Stored data:
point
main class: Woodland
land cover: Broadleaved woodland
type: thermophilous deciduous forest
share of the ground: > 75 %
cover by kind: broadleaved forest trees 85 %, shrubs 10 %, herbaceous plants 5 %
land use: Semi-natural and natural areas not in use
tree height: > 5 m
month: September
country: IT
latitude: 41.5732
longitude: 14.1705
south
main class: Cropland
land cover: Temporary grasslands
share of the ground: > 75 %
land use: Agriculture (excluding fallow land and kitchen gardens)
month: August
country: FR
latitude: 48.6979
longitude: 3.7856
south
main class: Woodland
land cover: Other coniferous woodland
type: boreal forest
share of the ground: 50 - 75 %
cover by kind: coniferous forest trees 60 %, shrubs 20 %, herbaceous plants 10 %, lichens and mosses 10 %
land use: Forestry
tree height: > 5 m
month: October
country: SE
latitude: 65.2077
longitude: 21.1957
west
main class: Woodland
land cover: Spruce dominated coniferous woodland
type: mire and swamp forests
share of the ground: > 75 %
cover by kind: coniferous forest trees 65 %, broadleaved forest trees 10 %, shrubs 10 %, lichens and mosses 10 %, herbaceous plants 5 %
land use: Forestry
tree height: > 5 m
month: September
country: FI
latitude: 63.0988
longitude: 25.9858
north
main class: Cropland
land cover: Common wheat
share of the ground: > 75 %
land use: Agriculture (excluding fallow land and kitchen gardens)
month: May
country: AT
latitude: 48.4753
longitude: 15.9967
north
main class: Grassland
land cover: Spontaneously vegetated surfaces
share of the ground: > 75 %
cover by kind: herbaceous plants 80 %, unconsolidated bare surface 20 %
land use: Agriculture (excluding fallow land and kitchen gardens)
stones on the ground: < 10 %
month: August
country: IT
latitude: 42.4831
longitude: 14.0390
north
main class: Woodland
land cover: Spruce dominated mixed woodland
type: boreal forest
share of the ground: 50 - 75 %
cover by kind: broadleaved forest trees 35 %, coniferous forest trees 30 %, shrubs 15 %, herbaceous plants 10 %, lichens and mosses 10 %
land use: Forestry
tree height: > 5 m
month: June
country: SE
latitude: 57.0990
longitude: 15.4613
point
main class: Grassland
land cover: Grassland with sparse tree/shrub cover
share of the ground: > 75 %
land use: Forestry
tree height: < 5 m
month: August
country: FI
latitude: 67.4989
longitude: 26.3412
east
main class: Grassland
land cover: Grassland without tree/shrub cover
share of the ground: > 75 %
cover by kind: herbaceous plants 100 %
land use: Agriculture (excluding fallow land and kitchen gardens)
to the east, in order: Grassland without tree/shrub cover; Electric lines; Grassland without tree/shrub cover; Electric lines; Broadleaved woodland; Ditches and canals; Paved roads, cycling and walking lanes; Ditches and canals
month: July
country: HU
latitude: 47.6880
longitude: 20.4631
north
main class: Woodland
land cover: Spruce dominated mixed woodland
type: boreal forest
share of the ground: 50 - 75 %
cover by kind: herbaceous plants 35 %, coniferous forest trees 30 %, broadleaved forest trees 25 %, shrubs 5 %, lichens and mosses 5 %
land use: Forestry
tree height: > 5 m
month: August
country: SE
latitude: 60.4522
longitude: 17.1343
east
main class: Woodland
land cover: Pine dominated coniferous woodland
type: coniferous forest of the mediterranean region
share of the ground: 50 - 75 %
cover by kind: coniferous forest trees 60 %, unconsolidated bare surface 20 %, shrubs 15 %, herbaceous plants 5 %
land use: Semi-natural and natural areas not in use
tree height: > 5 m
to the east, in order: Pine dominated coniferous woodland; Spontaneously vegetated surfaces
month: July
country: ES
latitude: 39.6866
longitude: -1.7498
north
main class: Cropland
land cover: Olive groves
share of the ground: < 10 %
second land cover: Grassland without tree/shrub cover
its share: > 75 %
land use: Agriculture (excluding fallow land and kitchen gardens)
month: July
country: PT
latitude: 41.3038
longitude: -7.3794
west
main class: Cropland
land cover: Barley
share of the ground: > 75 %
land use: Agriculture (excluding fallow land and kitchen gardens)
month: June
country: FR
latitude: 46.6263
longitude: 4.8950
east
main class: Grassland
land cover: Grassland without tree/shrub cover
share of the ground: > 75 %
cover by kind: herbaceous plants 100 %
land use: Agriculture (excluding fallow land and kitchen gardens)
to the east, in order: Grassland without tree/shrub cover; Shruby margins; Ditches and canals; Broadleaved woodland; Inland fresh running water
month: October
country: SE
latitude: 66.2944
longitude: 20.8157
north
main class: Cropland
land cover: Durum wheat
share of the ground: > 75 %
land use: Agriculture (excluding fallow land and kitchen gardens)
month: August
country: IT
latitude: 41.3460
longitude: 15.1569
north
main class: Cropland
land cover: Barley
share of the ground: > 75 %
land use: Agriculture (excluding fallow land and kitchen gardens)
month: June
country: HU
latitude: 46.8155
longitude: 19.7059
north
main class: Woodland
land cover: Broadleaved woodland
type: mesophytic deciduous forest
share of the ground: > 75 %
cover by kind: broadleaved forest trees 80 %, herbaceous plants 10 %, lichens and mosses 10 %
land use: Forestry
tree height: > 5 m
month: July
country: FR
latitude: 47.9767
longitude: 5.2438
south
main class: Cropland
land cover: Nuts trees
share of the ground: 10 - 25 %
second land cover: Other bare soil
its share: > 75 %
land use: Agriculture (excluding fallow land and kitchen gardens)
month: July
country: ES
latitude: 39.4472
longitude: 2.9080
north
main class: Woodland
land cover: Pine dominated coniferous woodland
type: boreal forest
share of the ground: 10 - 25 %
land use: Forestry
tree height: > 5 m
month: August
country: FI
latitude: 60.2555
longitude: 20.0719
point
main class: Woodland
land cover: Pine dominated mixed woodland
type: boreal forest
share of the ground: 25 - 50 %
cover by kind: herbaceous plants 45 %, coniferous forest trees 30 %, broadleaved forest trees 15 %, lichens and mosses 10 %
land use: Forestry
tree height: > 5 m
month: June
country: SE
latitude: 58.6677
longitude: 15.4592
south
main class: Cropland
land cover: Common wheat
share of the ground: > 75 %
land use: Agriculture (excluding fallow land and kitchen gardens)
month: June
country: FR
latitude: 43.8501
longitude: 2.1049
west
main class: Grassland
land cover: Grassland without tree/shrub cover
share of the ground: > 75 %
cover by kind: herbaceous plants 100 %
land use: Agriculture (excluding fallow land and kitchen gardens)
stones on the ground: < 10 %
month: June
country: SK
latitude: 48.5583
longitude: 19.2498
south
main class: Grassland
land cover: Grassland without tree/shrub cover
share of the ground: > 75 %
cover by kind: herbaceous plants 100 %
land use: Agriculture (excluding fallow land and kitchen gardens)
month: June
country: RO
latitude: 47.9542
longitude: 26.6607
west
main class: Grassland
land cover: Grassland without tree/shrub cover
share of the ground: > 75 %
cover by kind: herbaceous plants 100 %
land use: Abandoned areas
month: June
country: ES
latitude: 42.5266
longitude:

→ TASK INSTRUCTIONS
For every line above that holds the word "Ditches", report the whole line.

→ TASK ANSWER
to the east, in order: Grassland without tree/shrub cover; Electric lines; Grassland without tree/shrub cover; Electric lines; Broadleaved woodland; Ditches and canals; Paved roads, cycling and walking lanes; Ditches and canals
to the east, in order: Grassland without tree/shrub cover; Shruby margins; Ditches and canals; Broadleaved woodland; Inland fresh running water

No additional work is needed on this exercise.